WHAT YOU SHOULD DO: An exact transcription of every record is needed, leaving out the pictures.

DATA FOR ANALYSIS:

=====

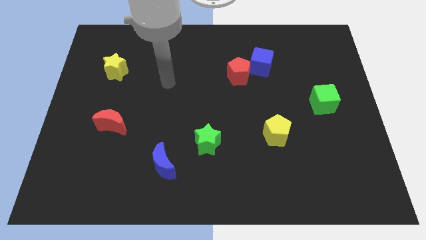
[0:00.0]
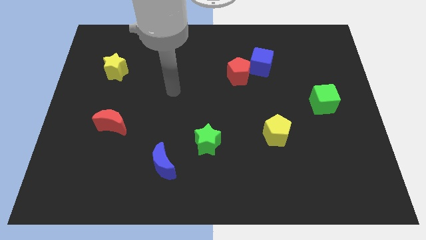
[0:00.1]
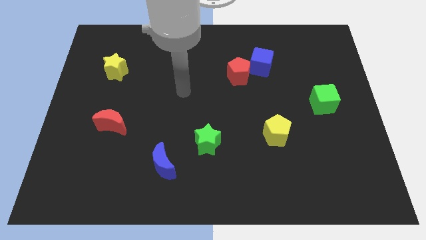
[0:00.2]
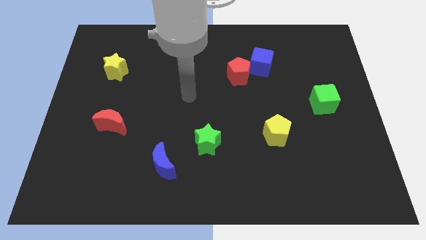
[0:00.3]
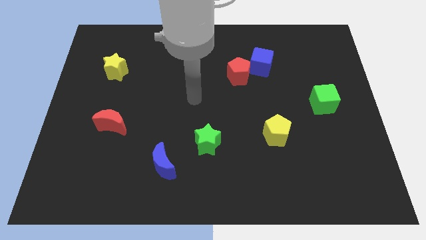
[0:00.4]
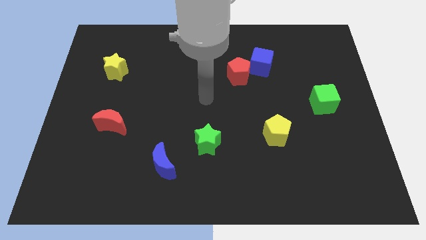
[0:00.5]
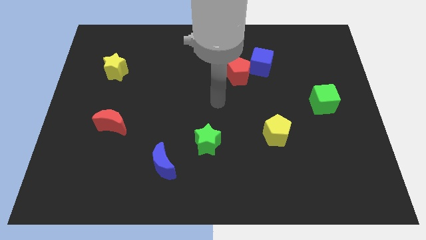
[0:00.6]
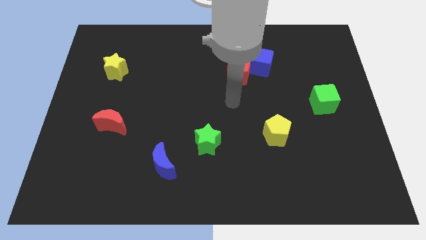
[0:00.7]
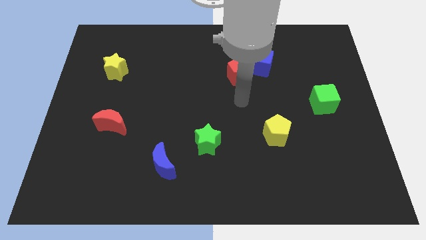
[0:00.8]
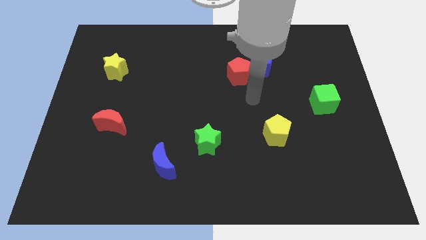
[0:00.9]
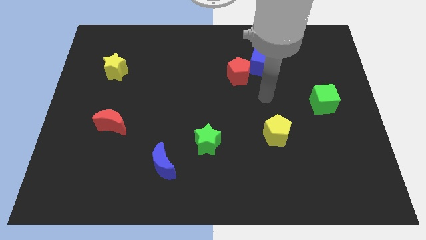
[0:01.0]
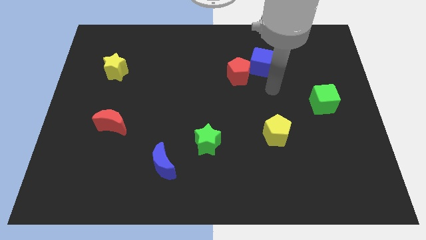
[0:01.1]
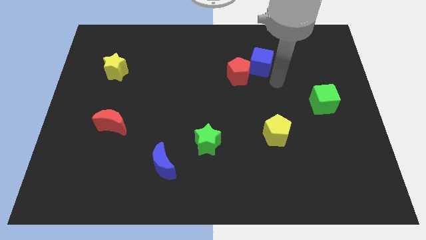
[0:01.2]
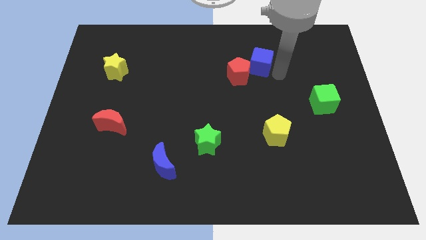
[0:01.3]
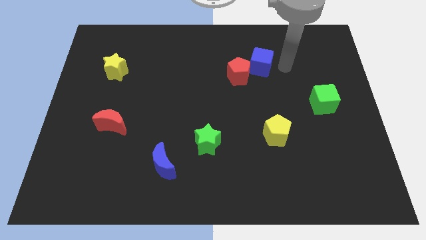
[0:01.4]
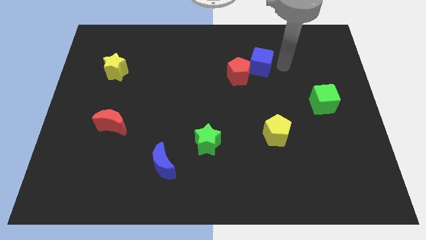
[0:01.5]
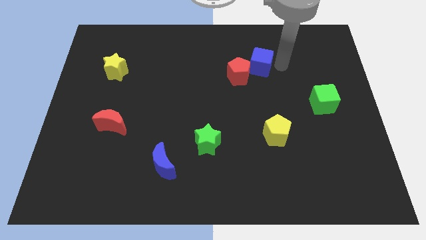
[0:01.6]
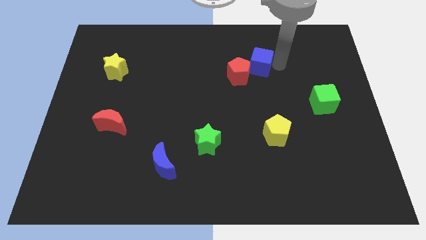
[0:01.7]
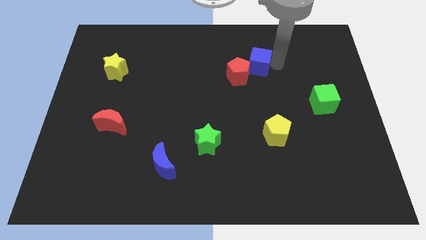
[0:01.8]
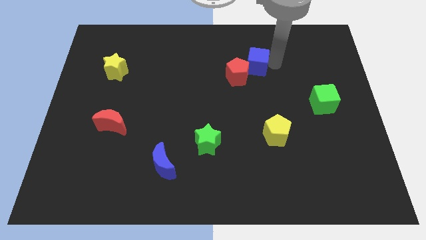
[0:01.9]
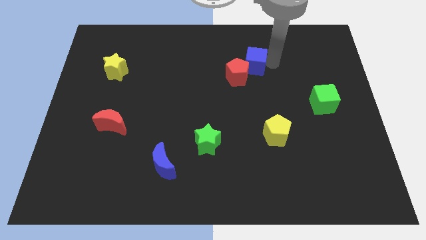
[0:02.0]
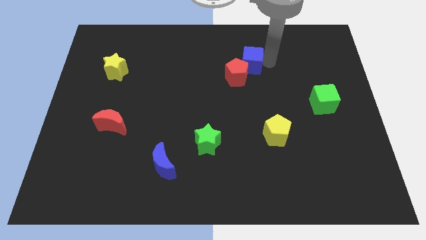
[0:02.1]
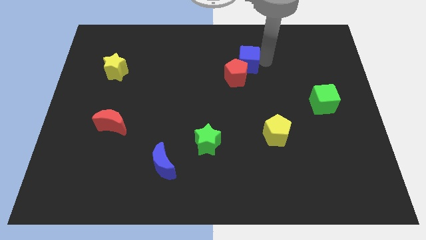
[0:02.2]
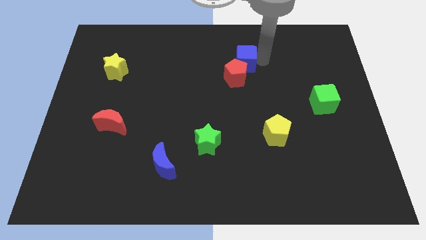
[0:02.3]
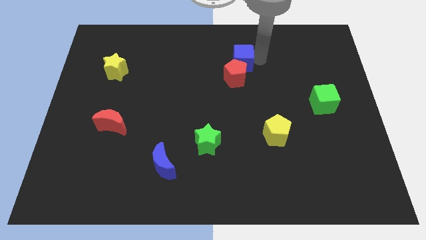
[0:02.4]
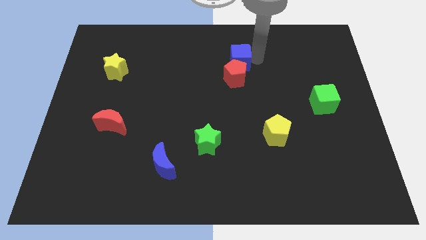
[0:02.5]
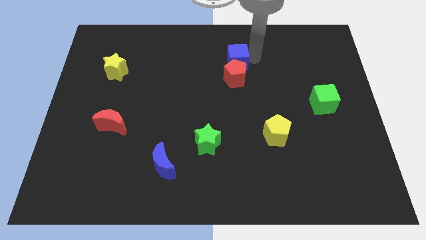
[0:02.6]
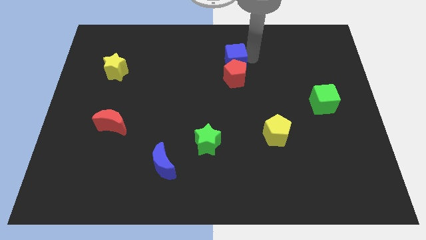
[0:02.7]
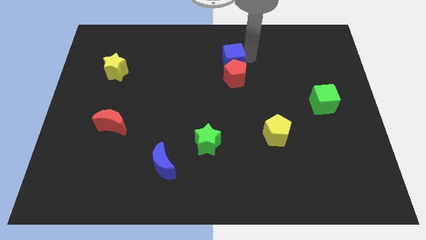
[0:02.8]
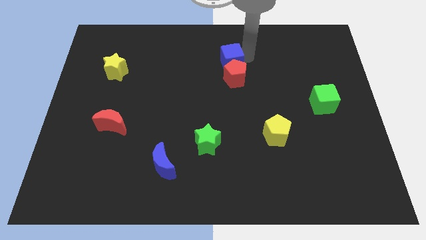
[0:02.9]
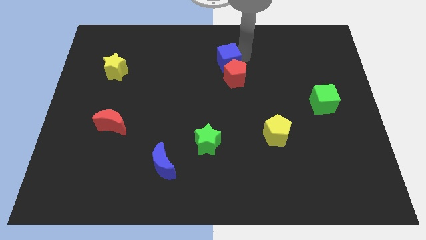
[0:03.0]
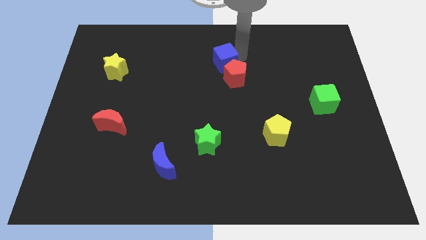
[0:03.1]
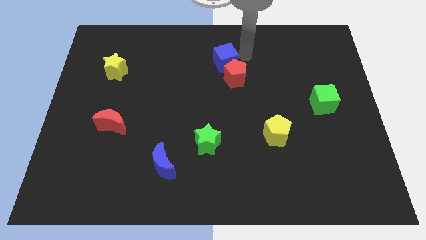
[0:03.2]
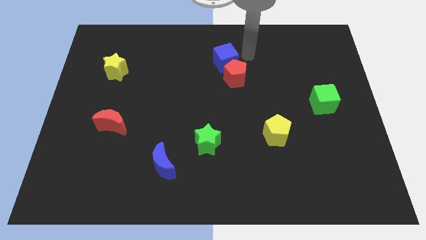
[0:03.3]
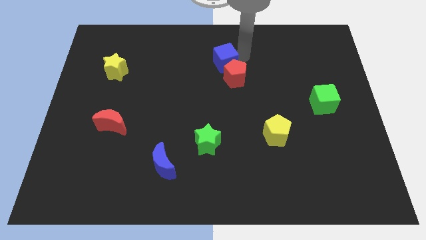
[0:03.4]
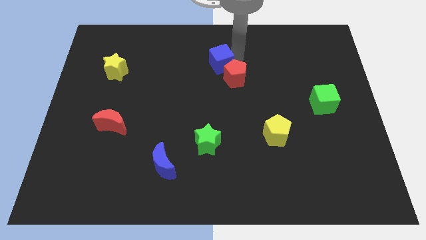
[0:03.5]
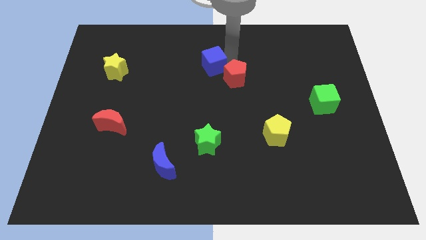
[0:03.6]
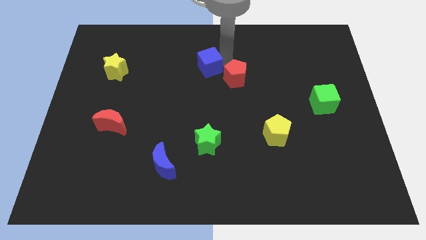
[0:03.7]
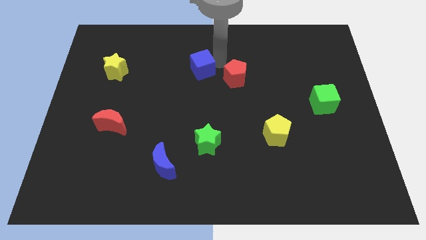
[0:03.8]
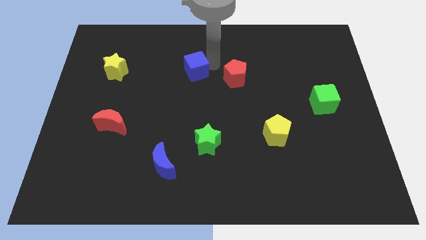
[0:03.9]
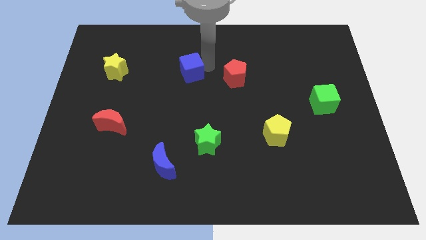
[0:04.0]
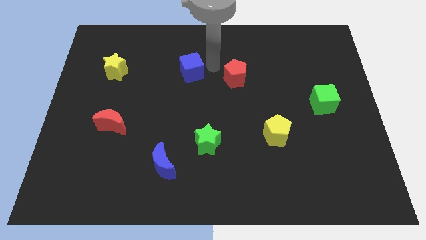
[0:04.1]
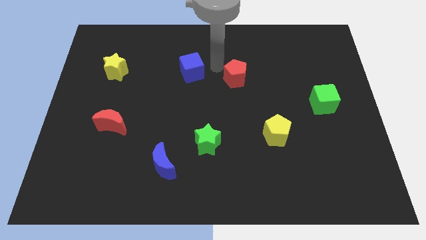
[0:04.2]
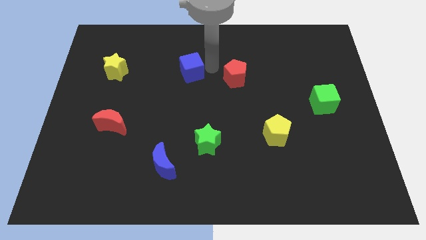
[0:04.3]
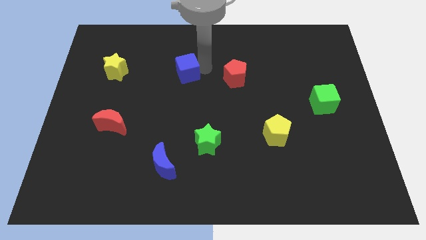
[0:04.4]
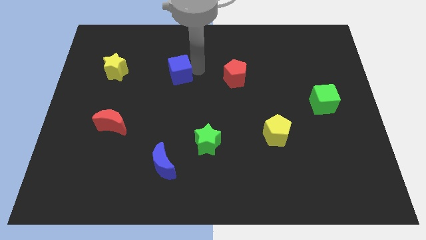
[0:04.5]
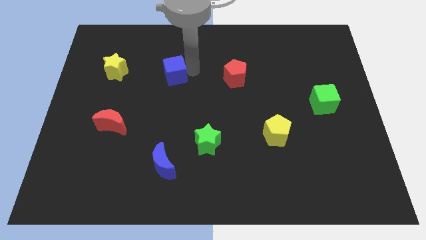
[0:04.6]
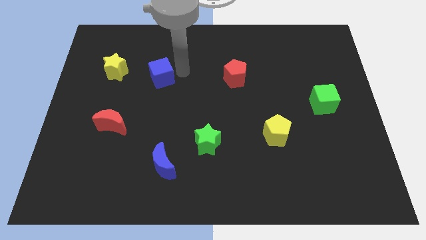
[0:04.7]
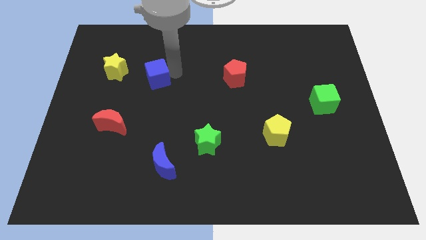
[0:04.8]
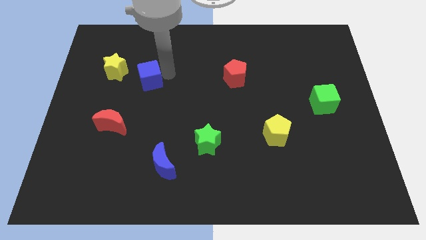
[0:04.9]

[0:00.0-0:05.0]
move the blue cube to the bottom right side of the yellow star

=====

SOLVED PROBLEM:
[0:00.0]
[0:00.1]
[0:00.2]
[0:00.3]
[0:00.4]
[0:00.5]
[0:00.6]
[0:00.7]
[0:00.8]
[0:00.9]
[0:01.0]
[0:01.1]
[0:01.2]
[0:01.3]
[0:01.4]
[0:01.5]
[0:01.6]
[0:01.7]
[0:01.8]
[0:01.9]
[0:02.0]
[0:02.1]
[0:02.2]
[0:02.3]
[0:02.4]
[0:02.5]
[0:02.6]
[0:02.7]
[0:02.8]
[0:02.9]
[0:03.0]
[0:03.1]
[0:03.2]
[0:03.3]
[0:03.4]
[0:03.5]
[0:03.6]
[0:03.7]
[0:03.8]
[0:03.9]
[0:04.0]
[0:04.1]
[0:04.2]
[0:04.3]
[0:04.4]
[0:04.5]
[0:04.6]
[0:04.7]
[0:04.8]
[0:04.9]

[0:00.0-0:05.0]
move the blue cube to the bottom right side of the yellow star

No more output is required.